__WHAT YOU ARE ASKED TO DO__: When copying the entries below, leave out every picture and keep the rest exact.

Data entries:
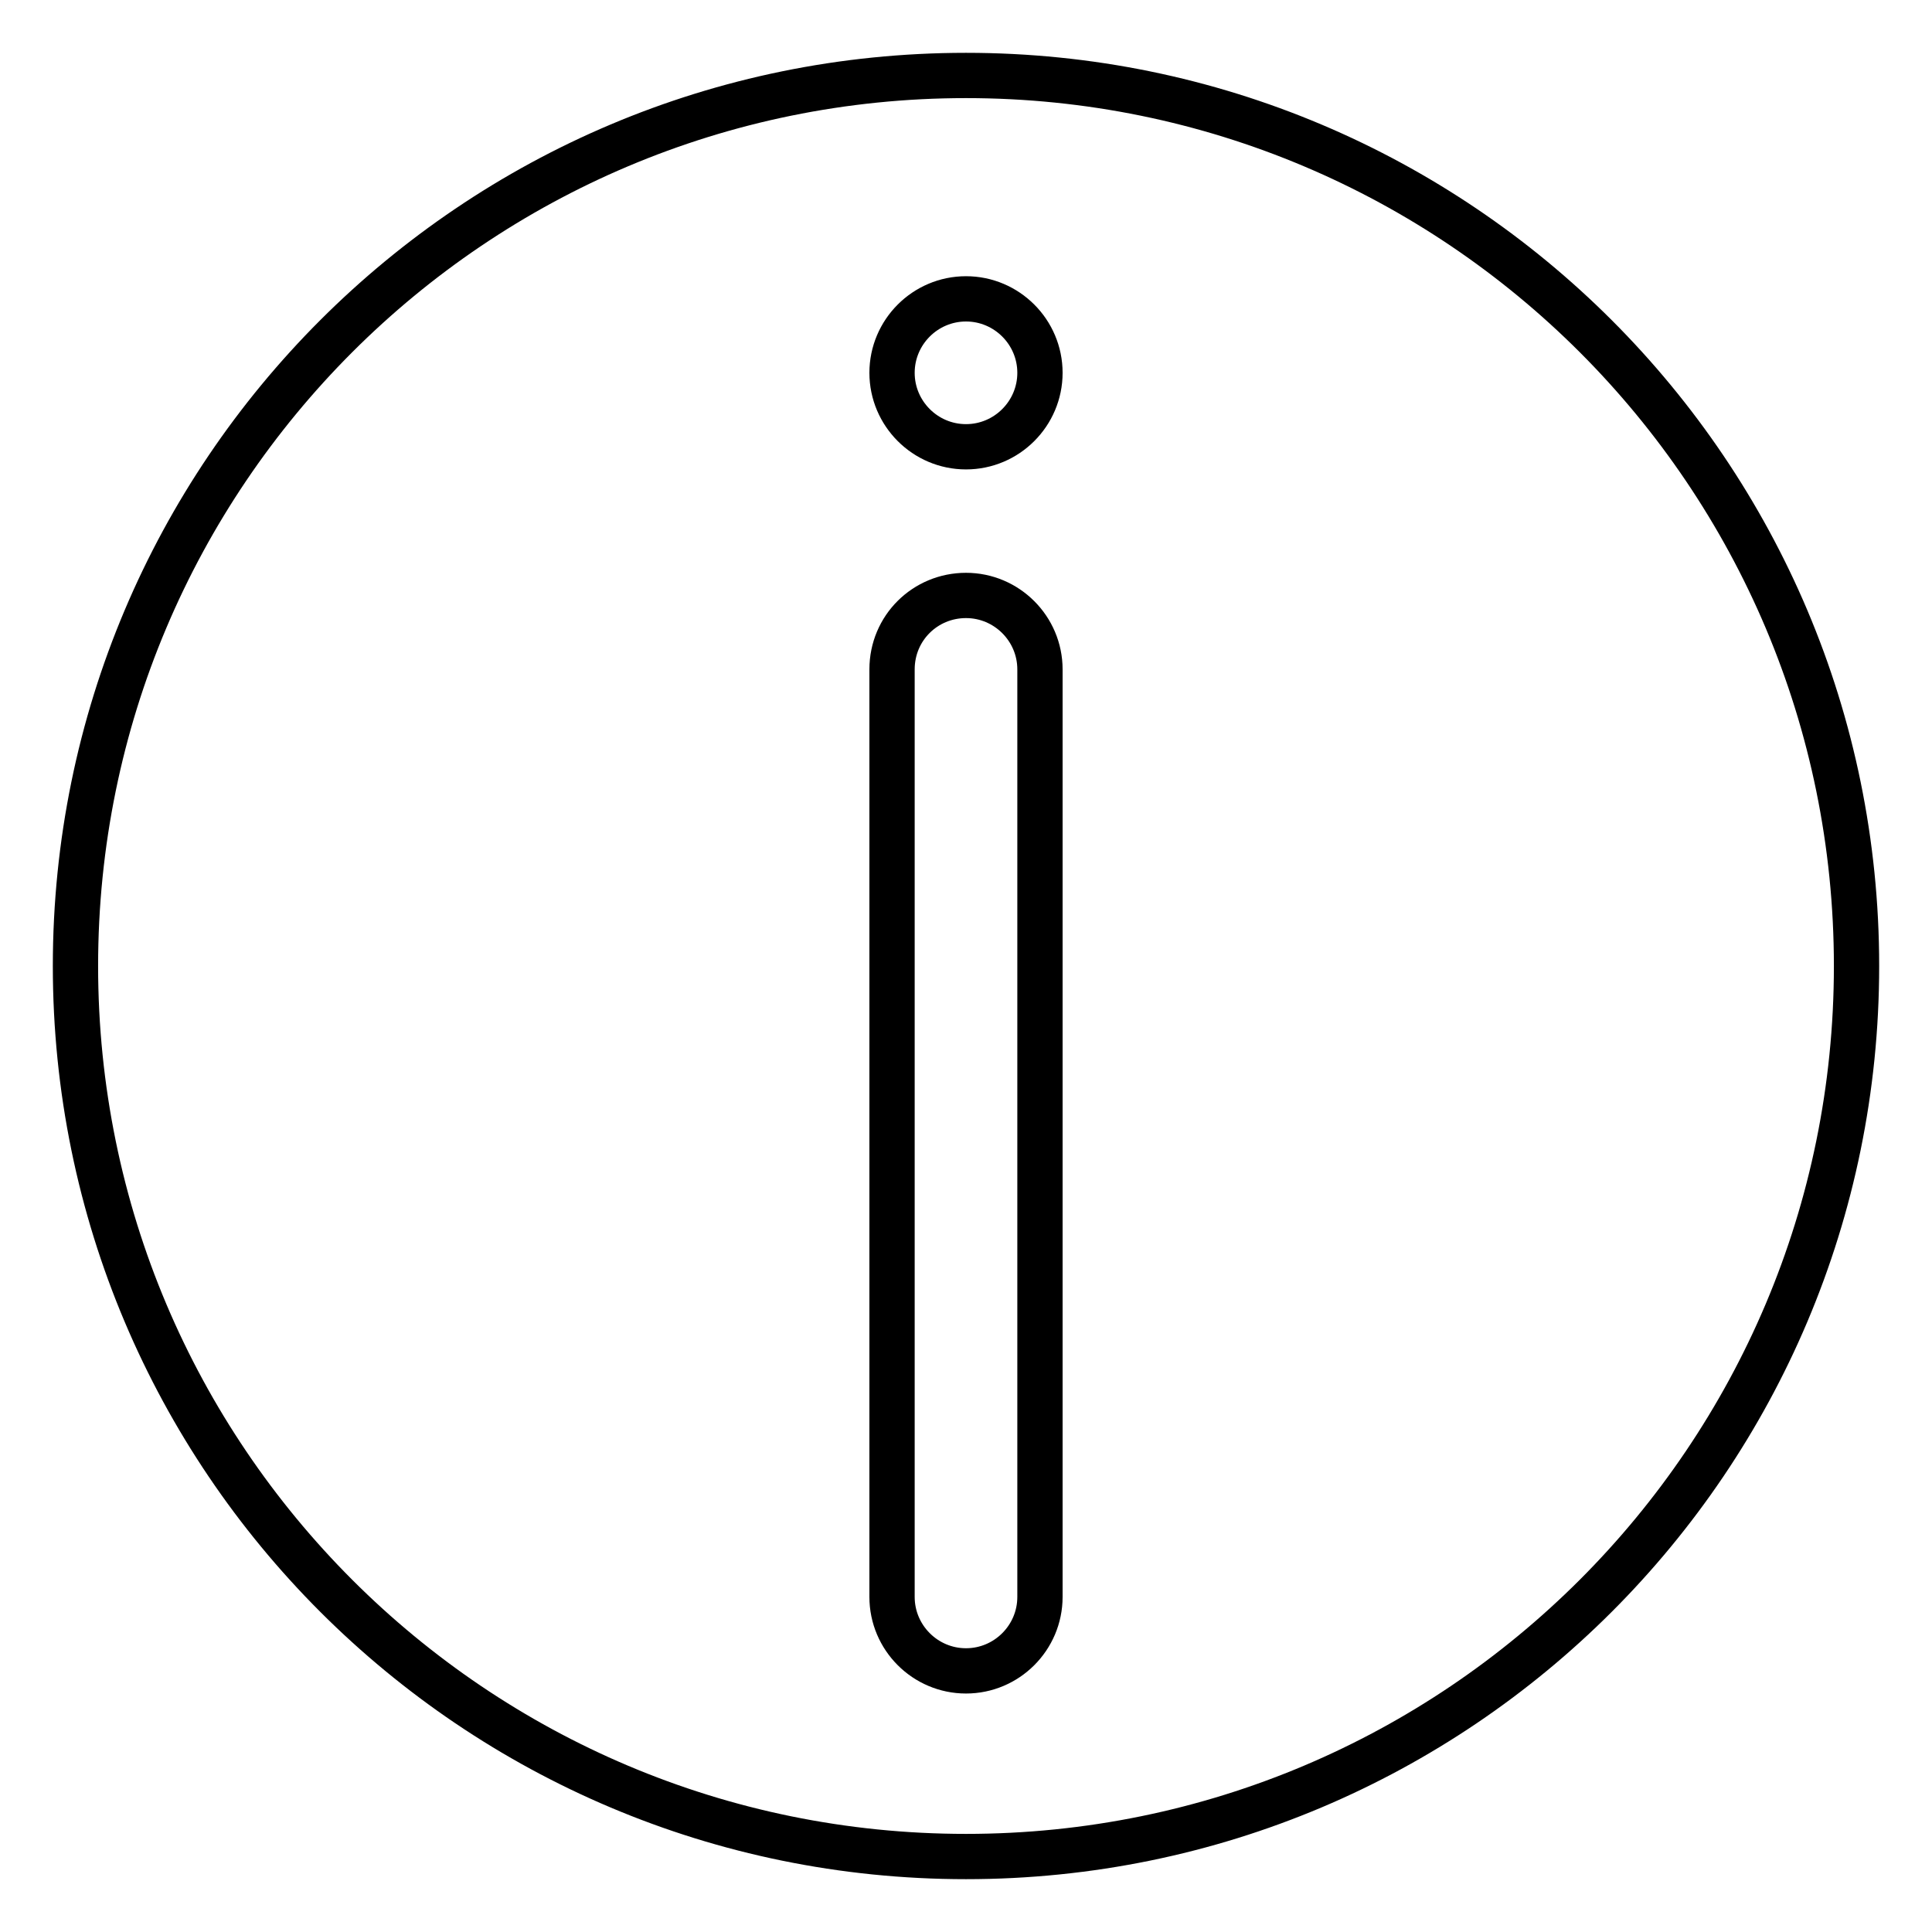 <?xml version="1.0" encoding="utf-8"?>
<!-- Svg Vector Icons : http://www.onlinewebfonts.com/icon -->
<!DOCTYPE svg PUBLIC "-//W3C//DTD SVG 1.1//EN" "http://www.w3.org/Graphics/SVG/1.1/DTD/svg11.dtd">
<svg version="1.1" xmlns="http://www.w3.org/2000/svg" xmlns:xlink="http://www.w3.org/1999/xlink" x="0px" y="0px" viewBox="0 0 256 256" enable-background="new 0 0 256 256" xml:space="preserve">
<g> <path stroke-width="6" fill-opacity="0" stroke="#000000"  d="M128,246c-65.2,0-118-52.8-118-118C10,62.8,62.8,10,128,10c65.2,0,118,52.8,118,118 C246,193.2,193.2,246,128,246z M118.2,88.7v122.9c0,5.4,4.4,9.8,9.8,9.8s9.8-4.4,9.8-9.8l0,0V88.7c0-5.4-4.4-9.8-9.8-9.8 S118.2,83.2,118.2,88.7z M128,59.2c5.4,0,9.8-4.4,9.8-9.8c0-5.4-4.4-9.8-9.8-9.8l0,0c-5.4,0-9.8,4.4-9.8,9.8 C118.2,54.8,122.6,59.2,128,59.2z"/></g>
</svg>
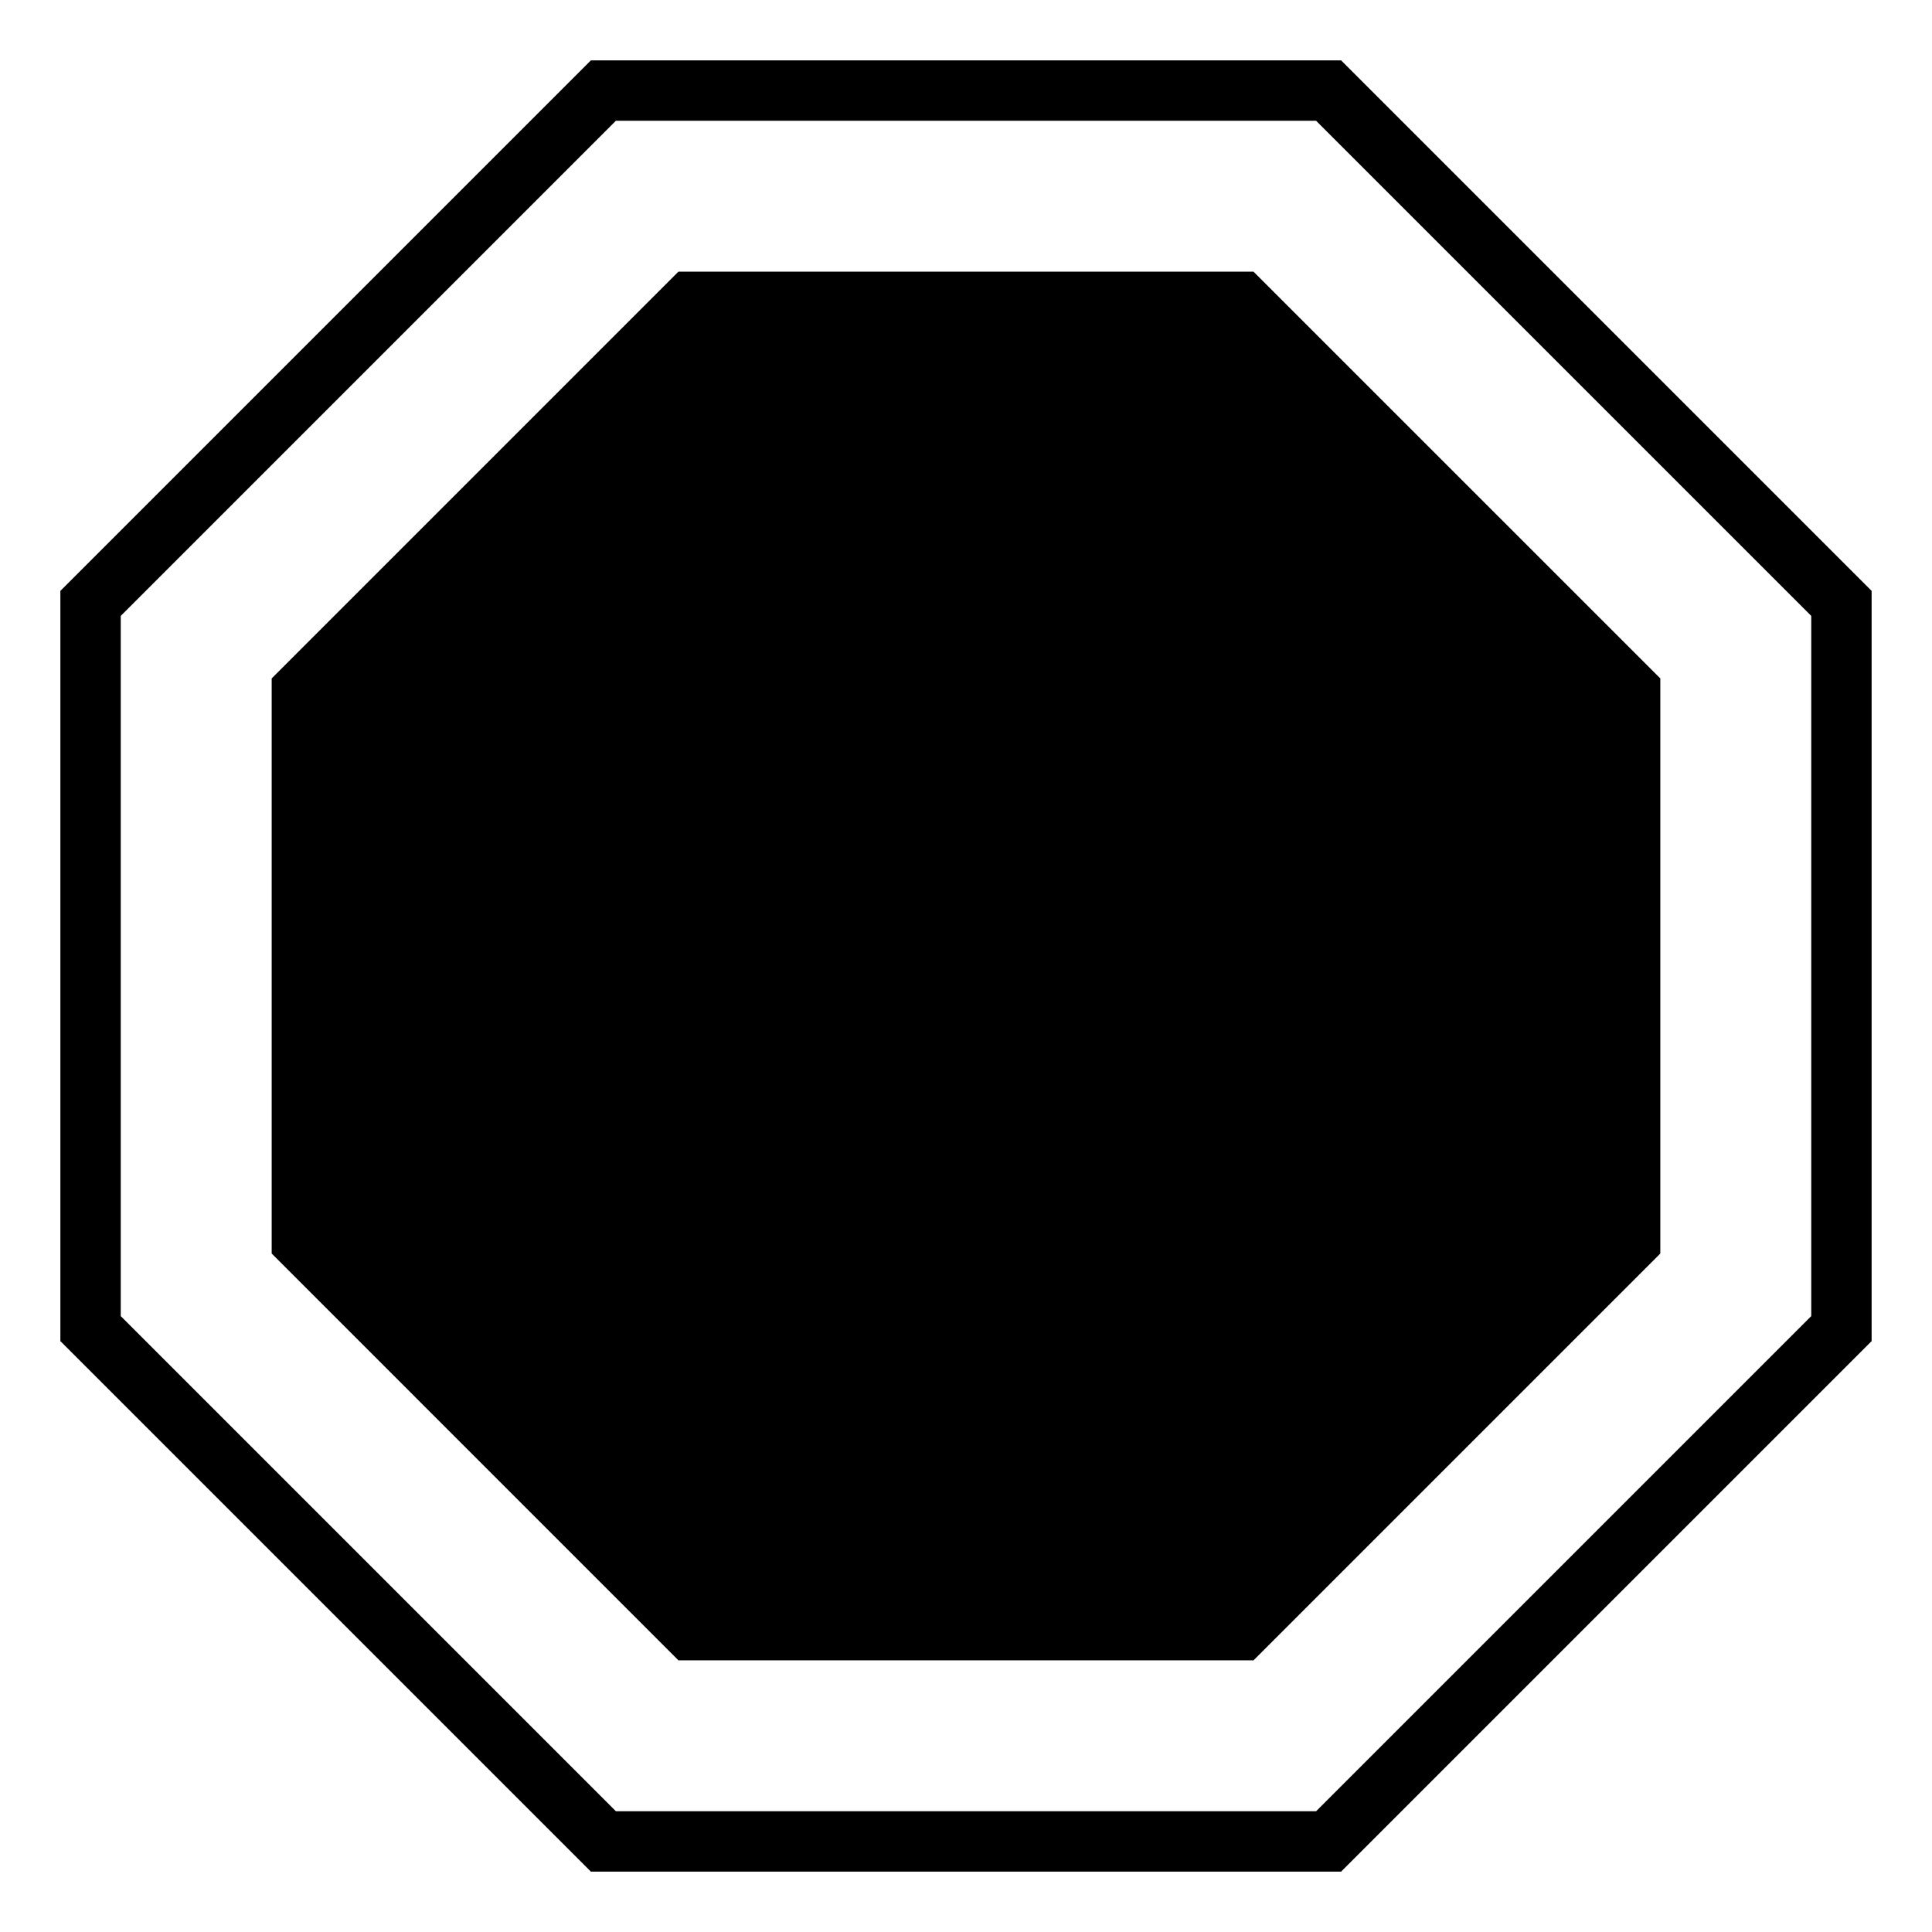 <?xml version="1.0" encoding="utf-8"?>
<svg width="800px" height="800px" viewBox="0 0 64 64" xmlns="http://www.w3.org/2000/svg" xmlns:xlink="http://www.w3.org/1999/xlink" aria-hidden="true" role="img" class="iconify iconify--emojione-monotone" preserveAspectRatio="xMidYMid meet"><path d="M44.426 2H19.574L2 19.574v24.852L19.574 62h24.852L62 44.426V19.574L44.426 2zM60 43.598L43.598 60H20.402L4 43.598V20.402L20.402 4h23.195L60 20.402v23.196z" fill="#000000"></path><path d="M22.473 9L9 22.474v19.051L22.473 55h19.052L55 41.525V22.474L41.525 9z" fill="#000000"></path></svg>

__ANSWER BOX__:
 <?xml version="1.0" encoding="utf-8"?>
<!-- Svg Vector Icons : http://www.onlinewebfonts.com/icon -->
<!DOCTYPE svg PUBLIC "-//W3C//DTD SVG 1.1//EN" "http://www.w3.org/Graphics/SVG/1.1/DTD/svg11.dtd">
<svg version="1.1" xmlns="http://www.w3.org/2000/svg" xmlns:xlink="http://www.w3.org/1999/xlink" x="0px" y="0px" viewBox="0 0 256 256" enable-background="new 0 0 256 256" xml:space="preserve">
<g> <path stroke-width="6" fill-opacity="0" stroke="#000000"  d="M128,246c-65.2,0-118-52.8-118-118C10,62.8,62.8,10,128,10c65.2,0,118,52.8,118,118 C246,193.2,193.2,246,128,246z M118.2,88.7v122.9c0,5.4,4.4,9.8,9.8,9.8s9.8-4.4,9.8-9.8l0,0V88.7c0-5.4-4.4-9.8-9.8-9.8 S118.2,83.2,118.2,88.7z M128,59.2c5.4,0,9.8-4.4,9.8-9.8c0-5.4-4.4-9.8-9.8-9.8l0,0c-5.4,0-9.8,4.4-9.8,9.8 C118.2,54.8,122.6,59.2,128,59.2z"/></g>
</svg>
 <?xml version="1.0" encoding="utf-8"?>
<svg width="800px" height="800px" viewBox="0 0 64 64" xmlns="http://www.w3.org/2000/svg" xmlns:xlink="http://www.w3.org/1999/xlink" aria-hidden="true" role="img" class="iconify iconify--emojione-monotone" preserveAspectRatio="xMidYMid meet"><path d="M44.426 2H19.574L2 19.574v24.852L19.574 62h24.852L62 44.426V19.574L44.426 2zM60 43.598L43.598 60H20.402L4 43.598V20.402L20.402 4h23.195L60 20.402v23.196z" fill="#000000"></path><path d="M22.473 9L9 22.474v19.051L22.473 55h19.052L55 41.525V22.474L41.525 9z" fill="#000000"></path></svg>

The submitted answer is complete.